Steward Bakley appears in the 1882-1883 and 1883-1884 at 3 South 15th Street. By 1885 he had moved back in with his family at 909 North 9th Street. A number of the family had found work with the nearby Camden Woolen Mills. Christopher Bakley Sr. and Stewart Bakley worked as carders, while Laura and Maggie Bakley worked as weavers. Brother Samuel Bakley was also living there, but his occupation was not listed in the Directory.

The 1887 City Directory shows that Samuel Bakley had been appointed to the Camden Police Department. As stated above, Steward D. Bakley joined the Fire Department in 1889. He was living at 909 North 9th Street as late as 1893. The 1894-1895 City Directory shows that he had moved to 904 York Street. He moved to 913 York Street in late 1895, and stayed there into 1899.

The 1900 Census shows that Steward Bakley had moved back to the house at 909 North 9th Street. Still a bachelor, he married in 1905. The 1906 City Directory shows that he and wife Clara lived at 629 North 8th Street. When the Census was taken in 1910, Steward and Clara Bakley were living at 619 Elm Street. By 1912 they had moved to 828 North 8th Street, where they remained through 1920. 

Steward Bakley fought many fires during his career as a Camden firefighter. Camden Fire Department historian Lee Ryan wrote about one in the 125th anniversary book, published in 1994:

Something akin to a miracle occurred on the frigid night of January 11,1916 at the State Street Methodist Episcopal Church, Sixth and State Streets, North Camden. At 10 P.M., three alarms were transmitted in rapid succession for a serious fire involving the main auditorium of the church. Heavy fire conditions extended to destroy the roof, the organ loft, the altar, Sunday School classrooms, and the entire pew area throughout the auditorium. When the blaze was finally extinguished, all that remained standing were four granite walls. On the south side of the building along State Street, was a magnificent stained glass window of gigantic proportion depicting Christ breaking bread with Martha and Mary, the sisters of Lazarus. The window had inexplicably withstood the flames and heat. The scene from the life of Christ was not blistered, scorched or marred in anyway. It has never been retouched and still stands as a miracle, surviving one of the most disastrous church fires in City history. Chief of Department Peter Carter was injured at this incident when he fell through a passageway between the auditorium and the school building. He was hospitalized for several weeks. Captain Joseph Maxwell and Fireman Steward Bakley of Hook & Ladder Company 1, Fireman John Hunt of Engine Company 3, and Fireman William McCauley of Chemical Company 1 were injured when the church roof collapsed on them. Under heavy smoke conditions and following some difficulty, the members were able to extricate themselves, three of them safely. Captain Maxwell was admitted to the hospital for a brief stay. . 

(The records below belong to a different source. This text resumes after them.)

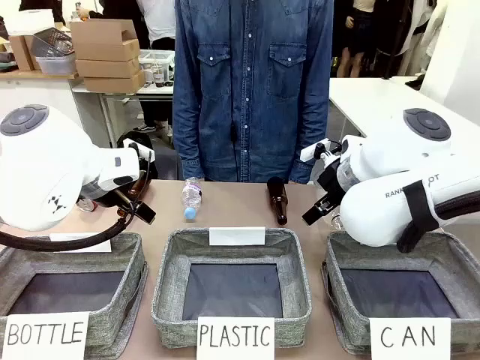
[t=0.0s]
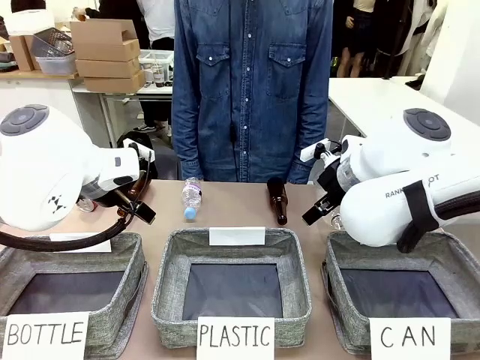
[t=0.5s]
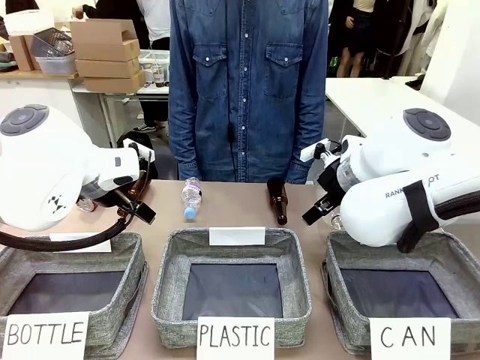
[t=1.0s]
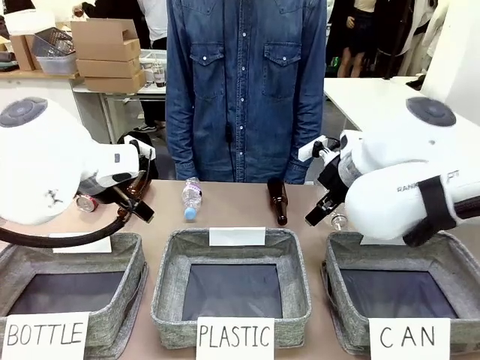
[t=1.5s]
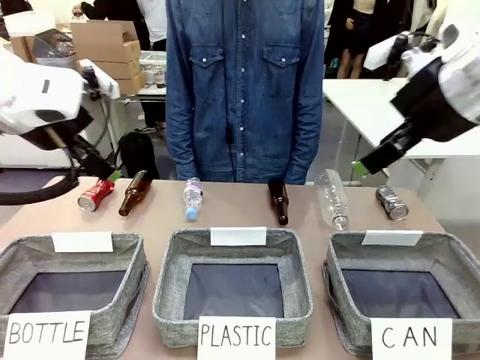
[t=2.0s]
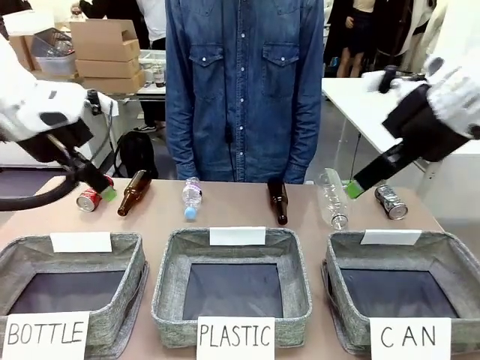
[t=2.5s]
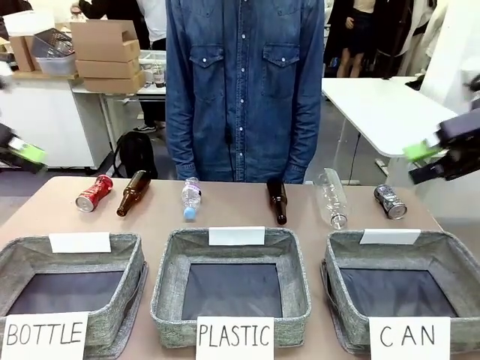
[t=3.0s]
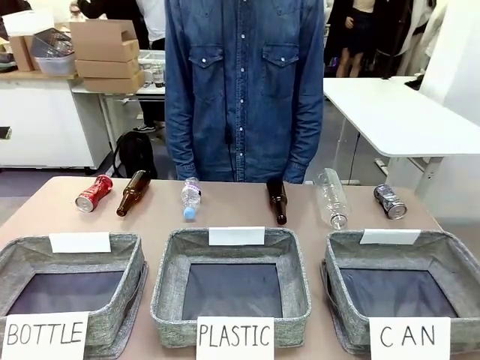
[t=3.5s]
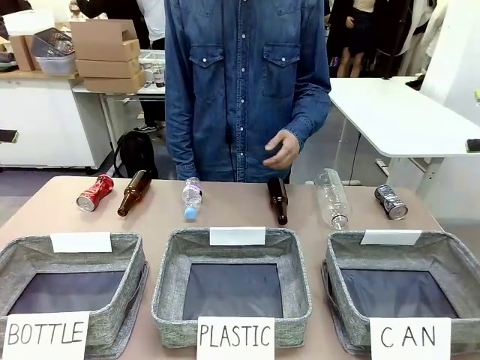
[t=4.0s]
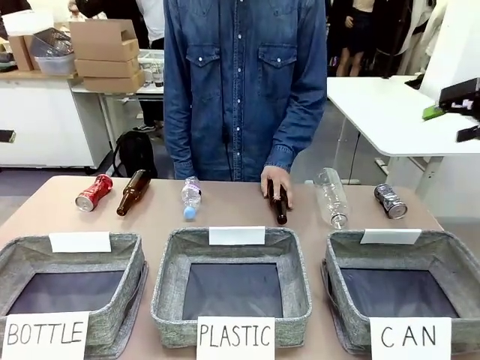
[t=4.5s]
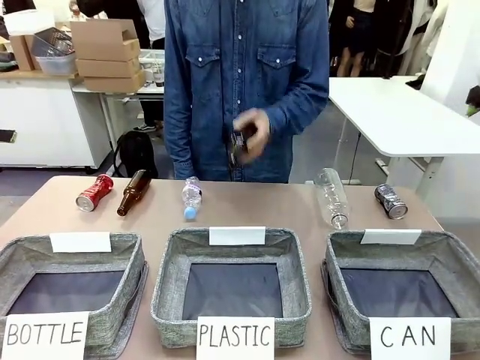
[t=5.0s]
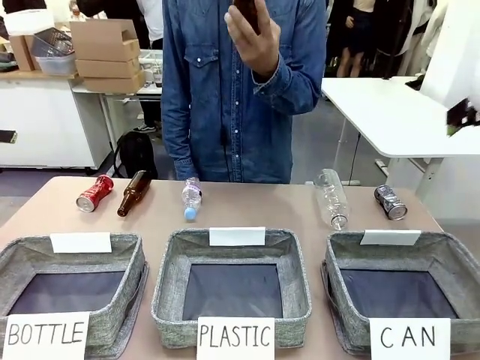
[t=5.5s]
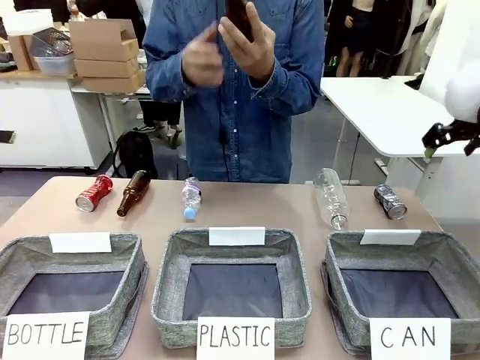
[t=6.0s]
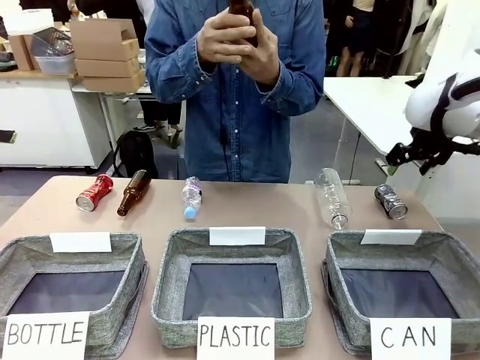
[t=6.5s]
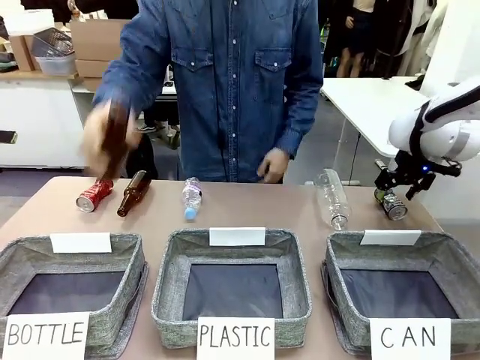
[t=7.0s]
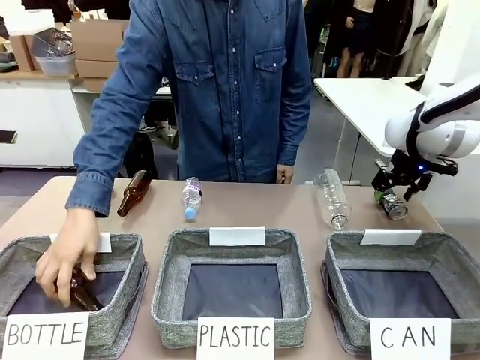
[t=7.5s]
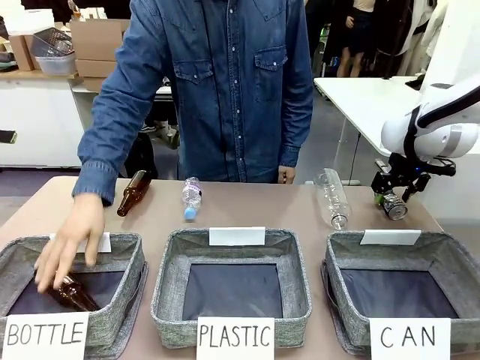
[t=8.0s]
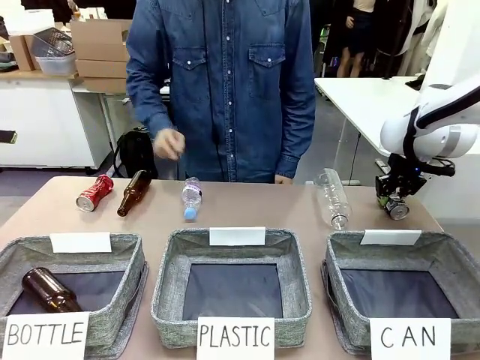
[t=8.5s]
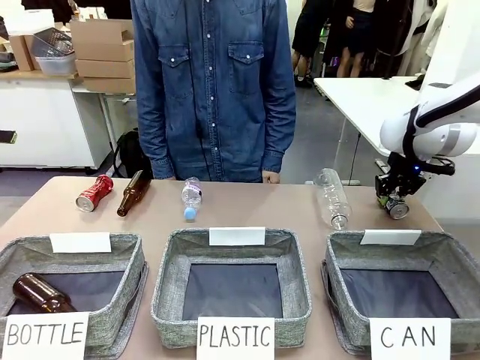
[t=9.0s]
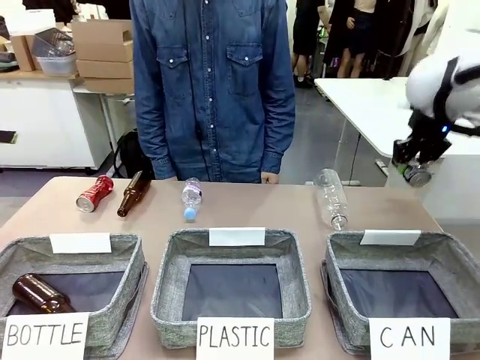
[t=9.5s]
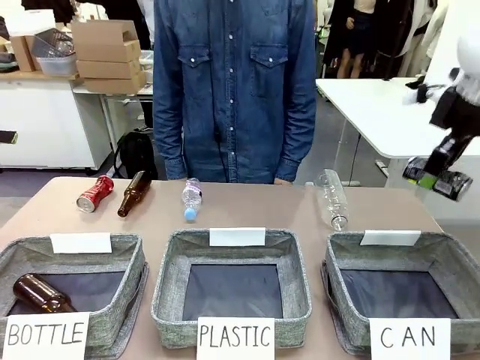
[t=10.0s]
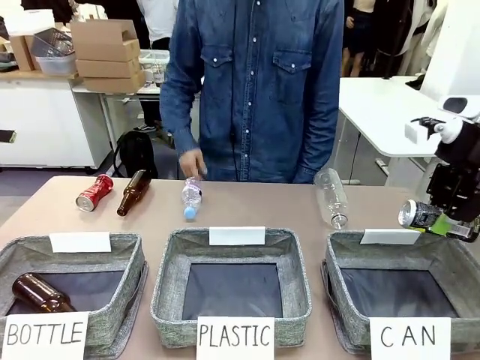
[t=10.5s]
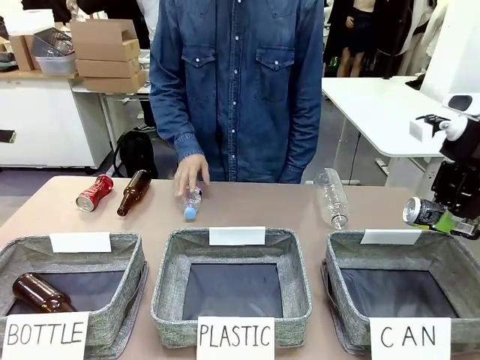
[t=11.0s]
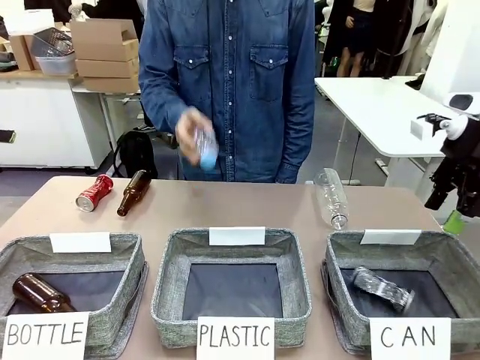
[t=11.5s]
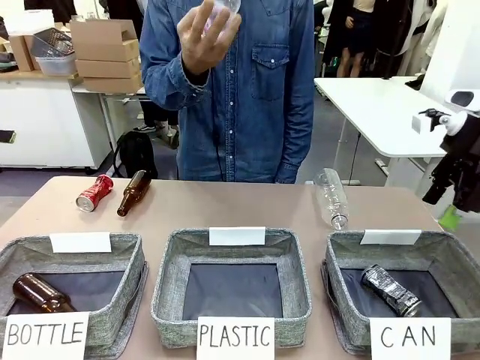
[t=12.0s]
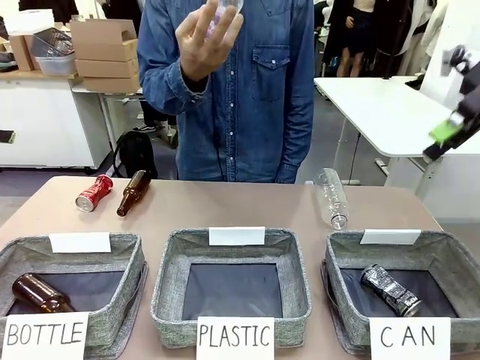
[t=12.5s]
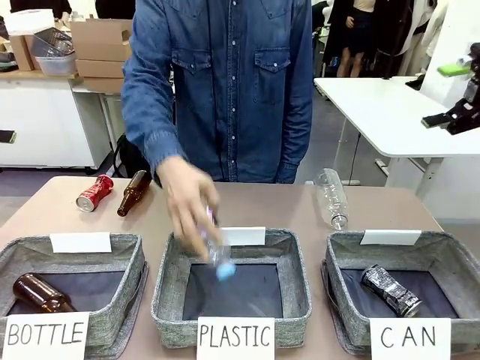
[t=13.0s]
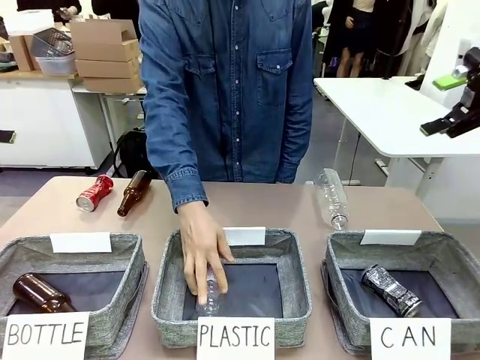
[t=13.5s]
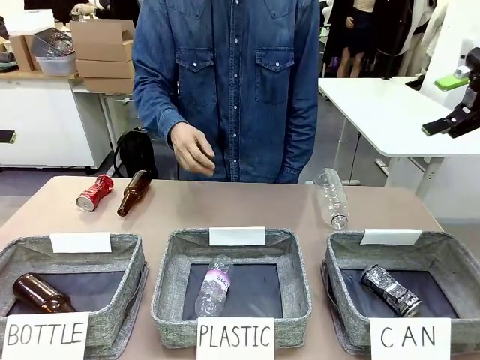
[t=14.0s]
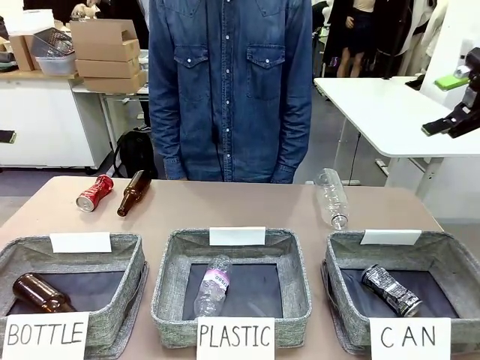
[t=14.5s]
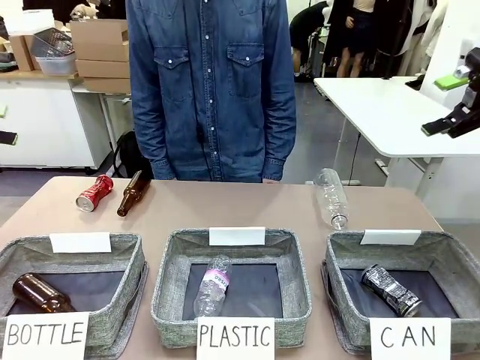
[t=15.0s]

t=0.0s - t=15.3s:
Task: Sort the can waste into the basket.
Robot: Pick up the can waste from the table and place it in the right Fabric basket.

Steward and Clara Bakley moved to Pennsauken, New Jersey in the 1920s. He was living at 6016 Camden Avenue when the Census was taken in 1930. Although 66 years old, Steward Bakley was still working for the Fire Department. Mandatory retirement at 65 did not go into effect until 1950. He was still living at the Camden Avenue address when the 1940 Camden City Directory was compiled.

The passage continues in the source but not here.